Social Determinants Associated with Cancer Survivorship Care Plans
Colorado breast cancer survival differences exist across racial/ethnic groups. For example, while 89% of Caucasian women survive five years, only 83% of Hispanic women and 81% of black women survive that interval. Even accounting for different stages of disease at diagnosis, Hispanic and black women have survival deficits. Whether early stage (localized) or later stage (regional), Hispanic survival is 3-10 percentage points worse than white survival and black survival is 5-9 percentage points worse (Cancer in Colorado 1997-2007, Colorado Central Cancer Registry).
These disparities may be explained to some extent by differences in breast cancer mortality rates. National data indicate that African American women have higher breast cancer mortality rates compared to white women (Jones et al., 2005). In Colorado, the mortality rates in 2007 were similar for African Americans and Caucasians. Mortality rates for African American women have decreased substantially since the late 1990s in Colorado when mortality rates were 60% higher than Caucasians. The 2007 mortality rate for breast cancer among African American women was 22 deaths per 100,000 population compared to 20 for white women, and 12 for Hispanic women. For 2002-2006, the rate was 12 for Asian women and 9 for American Indian women (Health Statistics Section, CDPHE).

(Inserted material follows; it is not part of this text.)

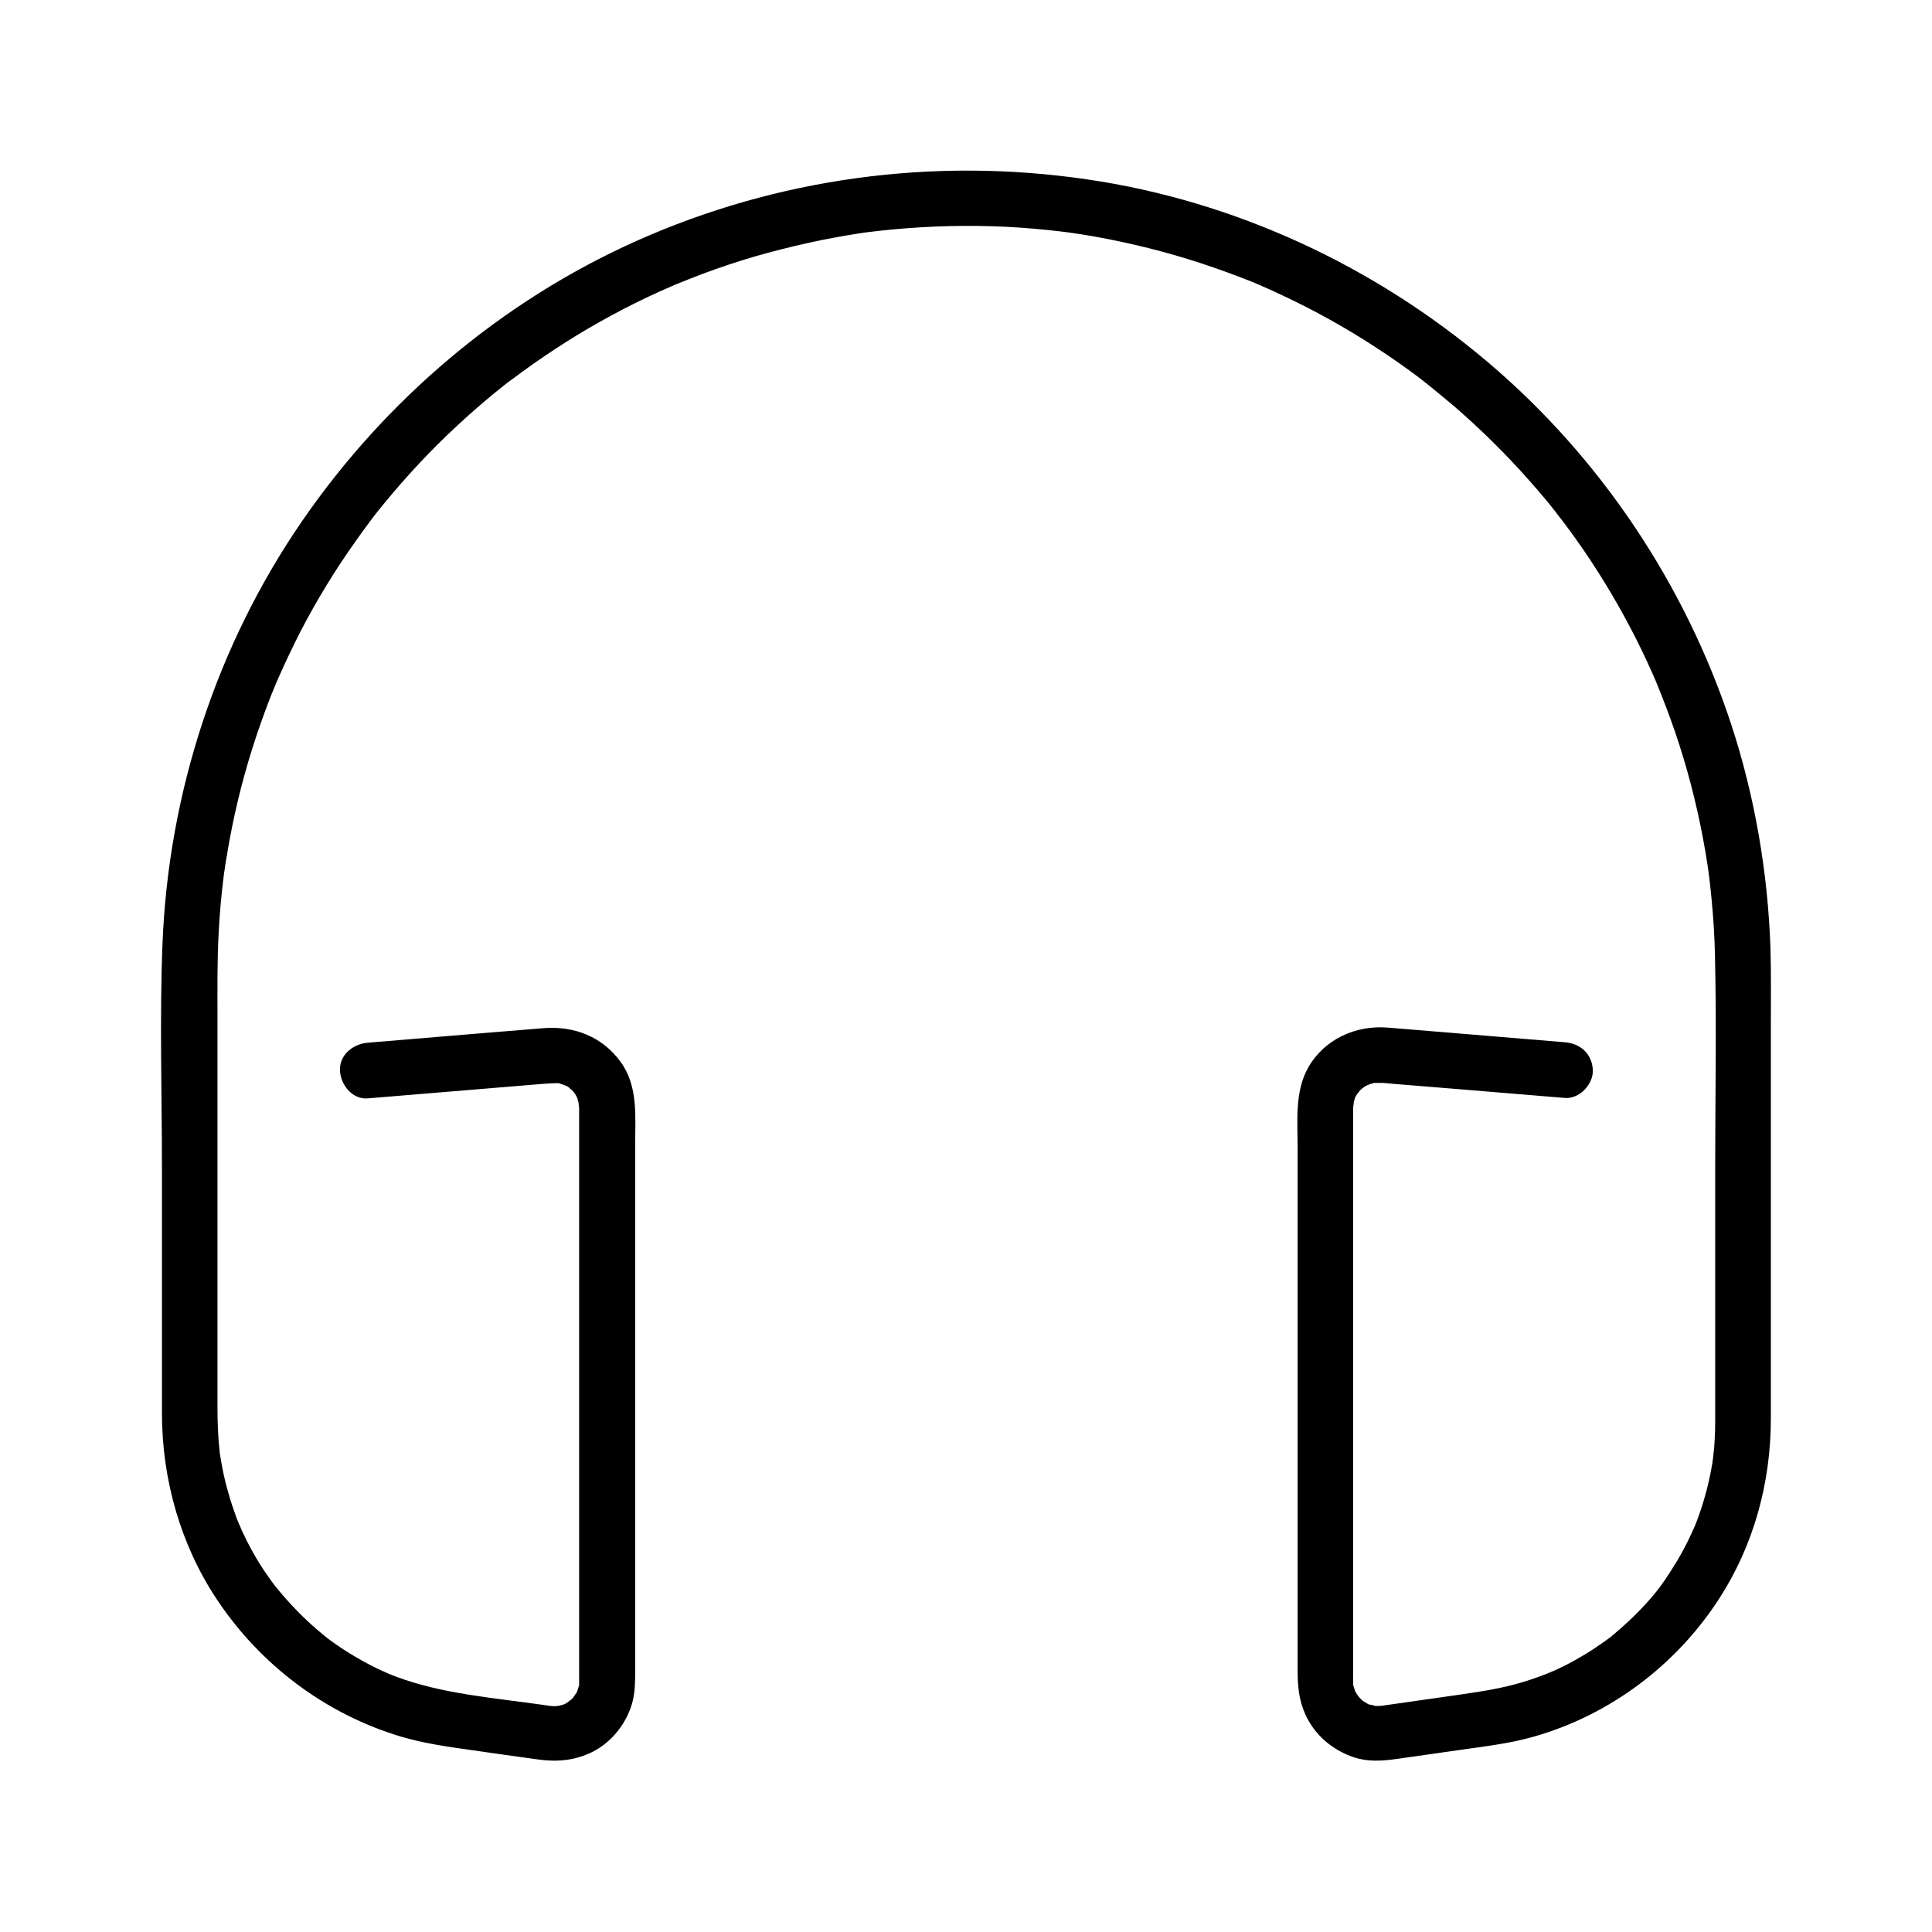 <?xml version="1.0" encoding="UTF-8"?>
<!-- Uploaded to: SVG Repo, www.svgrepo.com, Generator: SVG Repo Mixer Tools -->
<svg fill="#000000" width="800px" height="800px" version="1.1" viewBox="144 144 512 512" xmlns="http://www.w3.org/2000/svg">
 <path d="m241.48 435.08c10.086-0.836 20.172-1.672 30.258-2.508 5.363-0.441 10.676-0.887 16.039-1.328 1.379-0.098 2.707-0.195 4.082-0.195 1.82 0-1.082-0.492 0.59 0.148 0.395 0.148 0.836 0.246 1.23 0.344-1.523-0.492 0.246 0.148 0.543 0.297 0.344 0.195 0.688 0.441 1.031 0.688-1.328-0.887 0.195 0.246 0.395 0.441 0 0 1.277 1.523 0.641 0.688-0.641-0.887 0.492 0.836 0.441 0.836 0.395 0.738 0.395 0.738 0.051-0.051 0.098 0.297 0.246 0.59 0.297 0.887 0.148 0.543 0.297 1.031 0.395 1.574-0.344-1.625 0 0.395 0 0.688v0.051 0.492 2.363 9.398 32.57 79.902 24.109 2.41 0.543 0.098 0.688c0 1.477 0.395-0.836-0.098 0.688-0.051 0.195-0.789 2.215-0.098 0.688-0.148 0.395-0.395 0.789-0.59 1.133-0.148 0.246-1.328 1.82-0.297 0.59-0.297 0.297-0.543 0.641-0.836 0.934-0.195 0.195-1.77 1.328-0.441 0.441-0.441 0.297-0.887 0.543-1.328 0.836-0.395 0.246-1.625 0.543-0.246 0.148-0.195 0.051-2.41 0.641-1.523 0.441 1.082-0.195-0.984 0.051-0.984 0.051-0.59 0-2.902-0.246-0.051 0.098-0.148 0-0.297-0.051-0.395-0.051-0.887-0.148-1.77-0.246-2.656-0.395-12.988-1.871-26.566-2.856-38.965-7.477-0.641-0.246-1.277-0.492-1.871-0.738-1.328-0.543-0.395-0.148-0.098-0.051-1.133-0.492-2.215-0.984-3.344-1.523-2.312-1.133-4.527-2.363-6.691-3.691-1.871-1.133-3.691-2.363-5.512-3.691-0.148-0.098-1.871-1.426-0.59-0.441-0.344-0.246-0.688-0.543-1.031-0.836-1.031-0.836-2.016-1.672-3-2.559-3.59-3.199-6.887-6.742-9.891-10.48 0.836 1.031 0.098 0.148-0.051-0.051-0.395-0.543-0.789-1.031-1.18-1.574-0.641-0.887-1.23-1.82-1.871-2.707-1.328-2.016-2.559-4.082-3.691-6.25-0.543-0.984-1.031-1.969-1.477-2.953-0.297-0.59-0.59-1.18-0.836-1.82 0.051 0.051-0.836-1.918-0.441-0.934s-0.395-1.031-0.395-0.984c-0.246-0.641-0.492-1.23-0.688-1.871-0.441-1.23-0.887-2.508-1.277-3.789-0.641-2.117-1.23-4.281-1.723-6.496-0.246-1.082-0.441-2.215-0.641-3.297-0.098-0.688-0.246-1.328-0.344-2.016-0.344-2.215 0.148 1.477-0.098-0.738-0.441-3.938-0.59-7.871-0.59-11.855v-26.371-76.852c0-7.723-0.098-15.449 0.344-23.125 0.246-4.773 0.688-9.496 1.277-14.27 0-0.195 0.344-2.41 0.098-0.738 0.051-0.441 0.148-0.887 0.195-1.328 0.195-1.23 0.344-2.461 0.59-3.641 0.395-2.559 0.887-5.066 1.379-7.578 1.871-9.297 4.43-18.5 7.578-27.406 0.738-2.066 1.477-4.133 2.262-6.148 0.395-1.031 0.789-2.016 1.23-3.051 0.051-0.148 0.887-2.164 0.246-0.641 0.246-0.59 0.492-1.18 0.789-1.82 1.918-4.379 3.984-8.707 6.148-12.941 4.281-8.215 9.152-16.188 14.516-23.715 1.23-1.77 2.508-3.492 3.789-5.215 0.098-0.148 1.426-1.871 0.395-0.543 0.246-0.344 0.543-0.688 0.789-1.031 0.789-1.031 1.625-2.016 2.41-3 3-3.641 6.102-7.231 9.348-10.676 6.297-6.742 13.086-13.039 20.223-18.895 0.836-0.688 1.672-1.328 2.508-2.016 0.492-0.395 1.031-0.789 1.523-1.18-0.246 0.195-1.082 0.836 0.051 0 1.969-1.477 3.984-2.953 6.004-4.379 3.789-2.656 7.676-5.215 11.609-7.625 7.969-4.82 16.234-9.152 24.797-12.84 0.59-0.246 1.18-0.543 1.82-0.789-0.246 0.098-1.277 0.543 0.051 0 1.031-0.395 2.016-0.836 3.051-1.23 2.363-0.934 4.676-1.82 7.086-2.656 4.477-1.574 8.953-3 13.531-4.231 4.723-1.277 9.445-2.41 14.219-3.394 2.215-0.441 4.379-0.836 6.594-1.23 1.082-0.195 2.215-0.344 3.344-0.543 0.688-0.098 1.328-0.195 2.016-0.297-1.328 0.195 0.246-0.051 0.738-0.098 9.543-1.18 19.141-1.723 28.734-1.625 5.019 0.051 10.086 0.297 15.105 0.738 2.262 0.195 4.527 0.441 6.742 0.688 0.688 0.098 1.328 0.148 2.016 0.246 0.297 0.051 1.477 0.195 0.051 0 1.328 0.195 2.656 0.395 3.984 0.59 9.445 1.523 18.746 3.691 27.898 6.496 4.625 1.426 9.152 3 13.676 4.723 1.031 0.395 2.016 0.789 3.051 1.18 0.492 0.195 1.031 0.395 1.523 0.641 1.18 0.492-1.574-0.688 0.344 0.148 2.215 0.934 4.379 1.918 6.543 2.953 8.414 3.938 16.582 8.461 24.355 13.531 3.984 2.559 7.871 5.266 11.66 8.117 0.441 0.344 0.836 0.641 1.277 0.984 0.984 0.738-1.328-1.031 0.297 0.246 0.836 0.641 1.672 1.328 2.508 2.016 1.82 1.477 3.641 3 5.461 4.527 6.988 6.051 13.578 12.547 19.68 19.434 1.574 1.77 3.102 3.543 4.625 5.363 0.688 0.836 1.379 1.672 2.016 2.508 0.344 0.441 0.688 0.836 0.984 1.277 0.195 0.246 1.574 2.066 0.641 0.789 2.805 3.691 5.512 7.43 8.07 11.316 5.117 7.723 9.742 15.844 13.777 24.207 0.984 2.066 1.969 4.133 2.856 6.199 0.441 0.984 0.887 2.016 1.277 3-0.641-1.523 0.195 0.492 0.246 0.641 0.246 0.59 0.492 1.23 0.738 1.82 1.723 4.379 3.344 8.809 4.773 13.285 2.953 9.199 5.215 18.598 6.84 28.094 0.195 1.082 0.344 2.215 0.543 3.344 0.051 0.441 0.148 0.887 0.195 1.328 0.051 0.195 0.344 2.41 0.098 0.738 0.344 2.461 0.59 4.922 0.836 7.43 0.492 5.019 0.789 10.035 0.887 15.055 0.441 18.746 0.051 37.539 0.051 56.336v65.535 1.574c0 1.625-0.051 3.246-0.148 4.871-0.051 1.133-0.148 2.262-0.297 3.394 0 0.195-0.297 2.41-0.051 0.738-0.098 0.688-0.195 1.328-0.297 2.016-0.789 4.723-2.016 9.398-3.641 13.922-0.395 1.133-0.836 2.262-1.328 3.394 0.492-1.23 0.051-0.195-0.051 0.051-0.297 0.59-0.543 1.18-0.836 1.82-1.031 2.164-2.164 4.328-3.394 6.394-1.133 1.871-2.312 3.738-3.543 5.512-0.395 0.543-0.789 1.082-1.133 1.574-1.23 1.723 0.543-0.688-0.246 0.344-0.887 1.133-1.77 2.215-2.707 3.246-3.051 3.445-6.394 6.543-9.938 9.496-1.672 1.379 1.18-0.836-0.59 0.441-0.344 0.246-0.688 0.543-1.082 0.789-0.984 0.688-1.969 1.379-3 2.066-2.117 1.379-4.328 2.656-6.543 3.836-0.984 0.492-1.969 1.031-3 1.477-0.395 0.195-0.789 0.395-1.23 0.543-0.148 0.051-2.164 0.934-0.688 0.297-2.262 0.934-4.625 1.77-6.988 2.508-5.902 1.82-11.906 2.656-17.957 3.543-6.199 0.887-12.398 1.77-18.648 2.656-0.641 0.098-1.328 0.195-1.969 0.297 1.672-0.246 1.133-0.098-0.148-0.098-0.441 0-0.887 0-1.328-0.051 1.723 0.148-0.836-0.297-1.18-0.441 1.23 0.344 0.344 0.195 0 0-0.543-0.297-1.082-0.641-1.625-0.984 1.18 0.789 0.098 0.098-0.195-0.246-0.344-0.395-0.738-0.738-1.082-1.133 1.031 1.23-0.148-0.344-0.297-0.59-0.195-0.344-0.395-0.738-0.59-1.133 0.688 1.523-0.051-0.492-0.098-0.688-0.543-1.625-0.098 1.082-0.098-0.688-0.051-1.379 0-2.805 0-4.184v-63.863-73.359-8.855-1.969-0.344c0-0.297 0.344-2.363 0-0.688 0.098-0.441 0.195-0.836 0.297-1.277 0.098-0.395 0.246-0.836 0.395-1.23-0.344 0.789-0.297 0.789 0.051 0.051 0.246-0.344 0.441-0.738 0.688-1.082-0.887 1.328 0.246-0.195 0.441-0.441 0 0 1.523-1.277 0.688-0.641-0.836 0.641 0.836-0.492 0.789-0.492 0.297-0.148 2.066-0.789 0.543-0.297 0.395-0.148 0.836-0.246 1.23-0.344 1.723-0.641-1.277-0.098 0.59-0.148h2.016c0.984 0.051 1.918 0.148 2.902 0.246 5.656 0.441 11.266 0.934 16.926 1.379 9.543 0.789 19.039 1.574 28.586 2.363 3.836 0.297 7.527-3.641 7.379-7.379-0.195-4.281-3.246-7.035-7.379-7.379-10.48-0.887-20.961-1.723-31.438-2.609-5.164-0.441-10.383-0.836-15.547-1.277-8.461-0.688-16.777 3.051-21.059 10.578-3.641 6.445-2.805 14.316-2.805 21.453v32.621 82.016 23.91c0 3.938 0.344 7.676 2.016 11.367 2.41 5.461 7.231 9.543 12.84 11.414 3.836 1.277 7.578 0.984 11.512 0.441 6.102-0.887 12.203-1.723 18.301-2.609 6.051-0.836 12.055-1.625 17.957-3.297 20.172-5.758 37.688-18.941 49.051-36.508 9.199-14.168 13.727-30.848 13.727-47.676v-23.91-79.359c0-7.133 0.098-14.27-0.098-21.402-0.688-20.121-4.133-40.246-10.383-59.336-12.203-37.098-34.637-70.75-64.5-96.039-30.109-25.535-67.109-42.754-106.27-48.461-40.641-5.953-82.016-0.395-119.51 16.383-35.629 15.953-66.328 42.027-88.418 74.105-22.68 32.914-35.473 72.176-37.047 112.03-0.789 19.828-0.148 39.754-0.148 59.582v64.848c0 17.465 4.871 34.832 14.562 49.398 11.512 17.32 28.734 30.309 48.66 36.309 6.102 1.82 12.398 2.707 18.695 3.59 5.953 0.836 11.855 1.723 17.809 2.508 5.066 0.688 9.691 0.297 14.367-2.016 5.215-2.609 9.297-7.871 10.676-13.531 0.641-2.707 0.641-5.41 0.641-8.168v-64.746-74.441c0-7.477 0.836-15.5-3.836-21.941-4.922-6.789-12.449-9.645-20.613-8.953-5.609 0.441-11.219 0.934-16.875 1.379-9.84 0.836-19.68 1.625-29.52 2.461-3.836 0.297-7.578 3.148-7.379 7.379 0.141 3.738 3.242 7.723 7.375 7.379z"/>
</svg>

Furthermore, uninsured, African American, Hispanic and low-income individuals are less likely to receive recommended cancer care and experience significant delays in completing cancer care. Several studies have identified patient, provider and health system barriers (Schwaderer et al., 2008; Wells et al., 2008) including high out-of-pocket payments, lack of health insurance, ignorance of available resources, and poor social support (Petereit et al., 2008; Schwaderer et al., 2008). There is also some evidence showing that physicians provide less informational support to minority women with breast cancer. These women have less access to cancer support groups and have the most difficulty understanding information related to their breast cancer diagnosis (Janz et al., 2008).